BU101 is chosen to increase the chosen networks’ performance rather than for evaluation purposes. More specifically, it is used for our models’ training, just as with ImageNet. It contains approximately 23,800 images with 101 classes identical to the ones in UCF101. The visual data was automatically downloaded from the web, while the irrelevant data was filtered out. Finally, 2769 images from Standford40 [133] were added to the initial dataset.

3.3. Experimental Details

The current work has been implemented using Python and the PyTorch deep learning library. All the training and evaluation procedures conducted in our experimental study have been performed on a GeForce RTX 3080 10 GB GPU.

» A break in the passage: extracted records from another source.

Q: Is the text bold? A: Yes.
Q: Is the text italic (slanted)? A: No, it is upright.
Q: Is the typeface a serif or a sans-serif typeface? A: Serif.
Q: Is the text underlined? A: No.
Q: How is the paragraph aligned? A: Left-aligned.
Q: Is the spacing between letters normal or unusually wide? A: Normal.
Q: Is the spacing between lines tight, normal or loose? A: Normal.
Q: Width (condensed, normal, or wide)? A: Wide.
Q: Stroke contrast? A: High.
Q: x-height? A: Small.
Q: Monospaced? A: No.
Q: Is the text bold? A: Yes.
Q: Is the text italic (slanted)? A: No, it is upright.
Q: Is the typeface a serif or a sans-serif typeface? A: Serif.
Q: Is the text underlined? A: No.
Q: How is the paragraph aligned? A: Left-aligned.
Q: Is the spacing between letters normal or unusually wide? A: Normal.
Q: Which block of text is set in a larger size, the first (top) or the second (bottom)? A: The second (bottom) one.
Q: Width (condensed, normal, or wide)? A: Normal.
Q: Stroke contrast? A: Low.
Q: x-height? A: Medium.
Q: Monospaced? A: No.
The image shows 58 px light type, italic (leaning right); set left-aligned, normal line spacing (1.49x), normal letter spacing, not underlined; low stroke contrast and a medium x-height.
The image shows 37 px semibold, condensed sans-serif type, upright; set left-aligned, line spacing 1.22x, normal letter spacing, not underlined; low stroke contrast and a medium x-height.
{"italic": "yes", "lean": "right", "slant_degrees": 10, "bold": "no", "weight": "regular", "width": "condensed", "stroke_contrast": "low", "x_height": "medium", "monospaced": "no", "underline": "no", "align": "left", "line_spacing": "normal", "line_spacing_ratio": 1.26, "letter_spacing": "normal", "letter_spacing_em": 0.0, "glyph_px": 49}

3.3.1. Previously Trained on ImageNet and BU101

It is widely known that the utilization of previously trained networks curtails the duration of the training procedure, and higher performance is usually achieved. Hence, transfer learning constitutes a vital process in human action recognition pipelines, mainly when applied in small datasets (e.g., HMDB51 and UCF101). For instance, ImageNet, one of the most extensive static-image datasets containing more than 1.2 million samples for 1000 classes, is a widely adopted dataset for developing previously trained models. However, most target classes of ImageNet, such as “flowers”, “animals”, and “foods,” are irrelevant to the human activity classes, like “push-ups”, “dribbling”, or “pick-up” (see Figure 2). On the contrary, BU101 is a set of data from the web containing static images that depict a human action, as shown in Figure 3, and has been widely used to enhance the performance of activity identification in video sequences [64,131,134,135].

For the aforementioned reasons, BU101 is selected for training our networks before these are transferred and trained on the target datasets. More specifically, for this process, BU101 was split randomly into two sets (70% for training and 30% for testing). Therefore, the networks’ architecture remained the same as the original version, except for the last classification layer, wherein the number of outputs was set to 101 (i.e., the number of classes in BU101). Before the training on BU101, the networks were previously trained on ImageNet. In addition, the Adam optimizer [137] is also utilized with a learning rate of

10^{- 4}

and the cross-entropy loss function. Subsequently, similar image augmentation techniques are applied as in the target datasets.

Next, since these networks are intended to be used as previously trained networks on the target datasets, we saved the models’ weights at the epoch with the highest testing accuracy and the smallest difference between training and testing accuracies. In Table 2, these training and testing sets results are denoted for the corresponding epochs, as mentioned earlier.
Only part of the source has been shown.